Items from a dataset
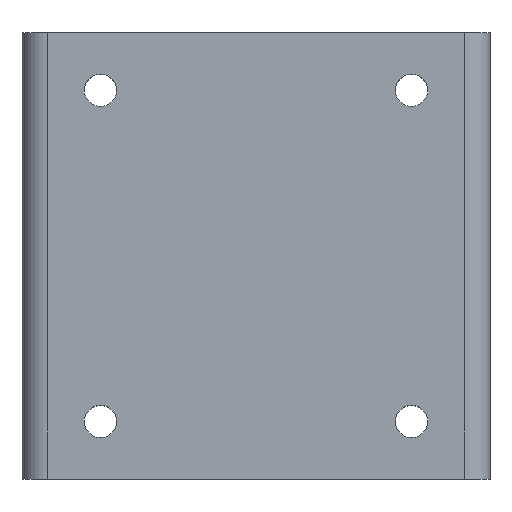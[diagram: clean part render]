
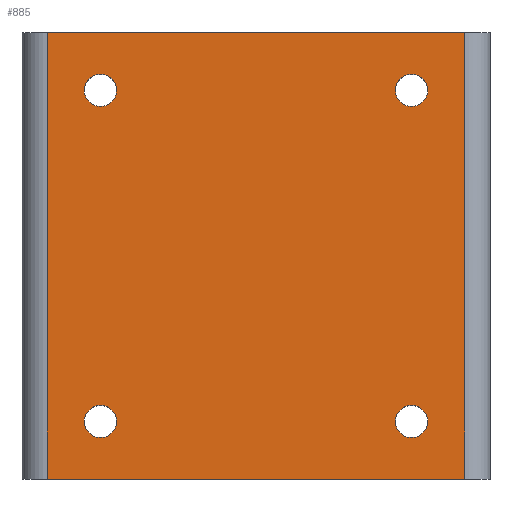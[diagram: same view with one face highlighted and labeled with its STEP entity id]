
A CAD part, top view. The second image highlights one B-rep face of the part: STEP entity #885.
In plain terms, the highlighted planar face has unit normal (0, 0, 1).
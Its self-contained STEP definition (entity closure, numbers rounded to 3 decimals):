
#24=DIRECTION('',(1.,0.,0.));
#25=VECTOR('',#24,58.);
#26=CARTESIAN_POINT('',(-29.,-31.,0.));
#27=LINE('',#26,#25);
#140=DIRECTION('',(0.,-1.,0.));
#141=VECTOR('',#140,62.);
#142=CARTESIAN_POINT('',(29.,31.,0.));
#143=LINE('',#142,#141);
#144=CARTESIAN_POINT('',(21.6,-23.,0.));
#145=DIRECTION('',(0.,0.,1.));
#146=DIRECTION('',(1.,0.,0.));
#147=AXIS2_PLACEMENT_3D('',#144,#145,#146);
#149=CARTESIAN_POINT('',(21.6,-23.,0.));
#150=DIRECTION('',(0.,0.,1.));
#151=DIRECTION('',(-1.,0.,0.));
#152=AXIS2_PLACEMENT_3D('',#149,#150,#151);
#154=CARTESIAN_POINT('',(-21.6,-23.,0.));
#155=DIRECTION('',(0.,0.,1.));
#156=DIRECTION('',(1.,0.,0.));
#157=AXIS2_PLACEMENT_3D('',#154,#155,#156);
#159=CARTESIAN_POINT('',(-21.6,-23.,0.));
#160=DIRECTION('',(0.,0.,1.));
#161=DIRECTION('',(-1.,0.,0.));
#162=AXIS2_PLACEMENT_3D('',#159,#160,#161);
#164=CARTESIAN_POINT('',(-21.6,23.,0.));
#165=DIRECTION('',(0.,0.,1.));
#166=DIRECTION('',(1.,0.,0.));
#167=AXIS2_PLACEMENT_3D('',#164,#165,#166);
#169=CARTESIAN_POINT('',(-21.6,23.,0.));
#170=DIRECTION('',(0.,0.,1.));
#171=DIRECTION('',(-1.,0.,0.));
#172=AXIS2_PLACEMENT_3D('',#169,#170,#171);
#174=CARTESIAN_POINT('',(21.6,23.,0.));
#175=DIRECTION('',(0.,0.,1.));
#176=DIRECTION('',(1.,0.,0.));
#177=AXIS2_PLACEMENT_3D('',#174,#175,#176);
#179=CARTESIAN_POINT('',(21.6,23.,0.));
#180=DIRECTION('',(0.,0.,1.));
#181=DIRECTION('',(-1.,0.,0.));
#182=AXIS2_PLACEMENT_3D('',#179,#180,#181);
#184=DIRECTION('',(0.,-1.,0.));
#185=VECTOR('',#184,62.);
#186=CARTESIAN_POINT('',(-29.,31.,0.));
#187=LINE('',#186,#185);
#480=DIRECTION('',(1.,0.,0.));
#481=VECTOR('',#480,58.);
#482=CARTESIAN_POINT('',(-29.,31.,0.));
#483=LINE('',#482,#481);
#538=CARTESIAN_POINT('',(23.85,-23.,0.));
#540=VERTEX_POINT('',#538);
#542=CARTESIAN_POINT('',(19.35,-23.,0.));
#544=VERTEX_POINT('',#542);
#546=CARTESIAN_POINT('',(-19.35,-23.,0.));
#548=VERTEX_POINT('',#546);
#550=CARTESIAN_POINT('',(-23.85,-23.,0.));
#552=VERTEX_POINT('',#550);
#554=CARTESIAN_POINT('',(-19.35,23.,0.));
#556=VERTEX_POINT('',#554);
#558=CARTESIAN_POINT('',(-23.85,23.,0.));
#560=VERTEX_POINT('',#558);
#562=CARTESIAN_POINT('',(23.85,23.,0.));
#564=VERTEX_POINT('',#562);
#566=CARTESIAN_POINT('',(19.35,23.,0.));
#568=VERTEX_POINT('',#566);
#592=CARTESIAN_POINT('',(29.,-31.,0.));
#593=VERTEX_POINT('',#592);
#594=CARTESIAN_POINT('',(-29.,-31.,0.));
#595=VERTEX_POINT('',#594);
#624=CARTESIAN_POINT('',(29.,31.,0.));
#625=VERTEX_POINT('',#624);
#626=CARTESIAN_POINT('',(-29.,31.,0.));
#627=VERTEX_POINT('',#626);
#849=CARTESIAN_POINT('',(29.,-31.,0.));
#850=DIRECTION('',(0.,0.,1.));
#851=DIRECTION('',(-1.,0.,0.));
#852=AXIS2_PLACEMENT_3D('',#849,#850,#851);
#853=PLANE('',#852);
#854=ORIENTED_EDGE('',*,*,#713,.F.);
#856=ORIENTED_EDGE('',*,*,#855,.F.);
#858=ORIENTED_EDGE('',*,*,#857,.T.);
#860=ORIENTED_EDGE('',*,*,#859,.T.);
#861=EDGE_LOOP('',(#854,#856,#858,#860));
#862=FACE_OUTER_BOUND('',#861,.F.);
#864=ORIENTED_EDGE('',*,*,#863,.T.);
#866=ORIENTED_EDGE('',*,*,#865,.T.);
#867=EDGE_LOOP('',(#864,#866));
#868=FACE_BOUND('',#867,.F.);
#869=ORIENTED_EDGE('',*,*,#802,.T.);
#870=ORIENTED_EDGE('',*,*,#828,.T.);
#871=EDGE_LOOP('',(#869,#870));
#872=FACE_BOUND('',#871,.F.);
#874=ORIENTED_EDGE('',*,*,#873,.T.);
#876=ORIENTED_EDGE('',*,*,#875,.T.);
#877=EDGE_LOOP('',(#874,#876));
#878=FACE_BOUND('',#877,.F.);
#880=ORIENTED_EDGE('',*,*,#879,.T.);
#882=ORIENTED_EDGE('',*,*,#881,.T.);
#883=EDGE_LOOP('',(#880,#882));
#884=FACE_BOUND('',#883,.F.);
#885=ADVANCED_FACE('',(#862,#868,#872,#878,#884),#853,.T.);
#148=CIRCLE('',#147,2.25);
#153=CIRCLE('',#152,2.25);
#158=CIRCLE('',#157,2.25);
#163=CIRCLE('',#162,2.25);
#168=CIRCLE('',#167,2.25);
#173=CIRCLE('',#172,2.25);
#178=CIRCLE('',#177,2.25);
#183=CIRCLE('',#182,2.25);
#713=EDGE_CURVE('',#595,#593,#27,.T.);
#802=EDGE_CURVE('',#548,#552,#158,.T.);
#828=EDGE_CURVE('',#552,#548,#163,.T.);
#855=EDGE_CURVE('',#627,#595,#187,.T.);
#857=EDGE_CURVE('',#627,#625,#483,.T.);
#859=EDGE_CURVE('',#625,#593,#143,.T.);
#863=EDGE_CURVE('',#540,#544,#148,.T.);
#865=EDGE_CURVE('',#544,#540,#153,.T.);
#873=EDGE_CURVE('',#556,#560,#168,.T.);
#875=EDGE_CURVE('',#560,#556,#173,.T.);
#879=EDGE_CURVE('',#564,#568,#178,.T.);
#881=EDGE_CURVE('',#568,#564,#183,.T.);

• **EXERCISE INSTRUCTIONS**
The line holding "[diagram: same view" starts the copy and the line holding "#552=VERTEX_POINT('',#550);" ends it. Repeat those two lines above and all between them exactly, leaving out pictures.

• **RESPONSE TO THIS TASK**
[diagram: same view with one face highlighted and labeled with its STEP entity id]
A CAD part, top view. The second image highlights one B-rep face of the part: STEP entity #885.
In plain terms, the highlighted planar face has unit normal (0, 0, 1).
Its self-contained STEP definition (entity closure, numbers rounded to 3 decimals):
#24=DIRECTION('',(1.,0.,0.));
#25=VECTOR('',#24,58.);
#26=CARTESIAN_POINT('',(-29.,-31.,0.));
#27=LINE('',#26,#25);
#140=DIRECTION('',(0.,-1.,0.));
#141=VECTOR('',#140,62.);
#142=CARTESIAN_POINT('',(29.,31.,0.));
#143=LINE('',#142,#141);
#144=CARTESIAN_POINT('',(21.6,-23.,0.));
#145=DIRECTION('',(0.,0.,1.));
#146=DIRECTION('',(1.,0.,0.));
#147=AXIS2_PLACEMENT_3D('',#144,#145,#146);
#149=CARTESIAN_POINT('',(21.6,-23.,0.));
#150=DIRECTION('',(0.,0.,1.));
#151=DIRECTION('',(-1.,0.,0.));
#152=AXIS2_PLACEMENT_3D('',#149,#150,#151);
#154=CARTESIAN_POINT('',(-21.6,-23.,0.));
#155=DIRECTION('',(0.,0.,1.));
#156=DIRECTION('',(1.,0.,0.));
#157=AXIS2_PLACEMENT_3D('',#154,#155,#156);
#159=CARTESIAN_POINT('',(-21.6,-23.,0.));
#160=DIRECTION('',(0.,0.,1.));
#161=DIRECTION('',(-1.,0.,0.));
#162=AXIS2_PLACEMENT_3D('',#159,#160,#161);
#164=CARTESIAN_POINT('',(-21.6,23.,0.));
#165=DIRECTION('',(0.,0.,1.));
#166=DIRECTION('',(1.,0.,0.));
#167=AXIS2_PLACEMENT_3D('',#164,#165,#166);
#169=CARTESIAN_POINT('',(-21.6,23.,0.));
#170=DIRECTION('',(0.,0.,1.));
#171=DIRECTION('',(-1.,0.,0.));
#172=AXIS2_PLACEMENT_3D('',#169,#170,#171);
#174=CARTESIAN_POINT('',(21.6,23.,0.));
#175=DIRECTION('',(0.,0.,1.));
#176=DIRECTION('',(1.,0.,0.));
#177=AXIS2_PLACEMENT_3D('',#174,#175,#176);
#179=CARTESIAN_POINT('',(21.6,23.,0.));
#180=DIRECTION('',(0.,0.,1.));
#181=DIRECTION('',(-1.,0.,0.));
#182=AXIS2_PLACEMENT_3D('',#179,#180,#181);
#184=DIRECTION('',(0.,-1.,0.));
#185=VECTOR('',#184,62.);
#186=CARTESIAN_POINT('',(-29.,31.,0.));
#187=LINE('',#186,#185);
#480=DIRECTION('',(1.,0.,0.));
#481=VECTOR('',#480,58.);
#482=CARTESIAN_POINT('',(-29.,31.,0.));
#483=LINE('',#482,#481);
#538=CARTESIAN_POINT('',(23.85,-23.,0.));
#540=VERTEX_POINT('',#538);
#542=CARTESIAN_POINT('',(19.35,-23.,0.));
#544=VERTEX_POINT('',#542);
#546=CARTESIAN_POINT('',(-19.35,-23.,0.));
#548=VERTEX_POINT('',#546);
#550=CARTESIAN_POINT('',(-23.85,-23.,0.));
#552=VERTEX_POINT('',#550);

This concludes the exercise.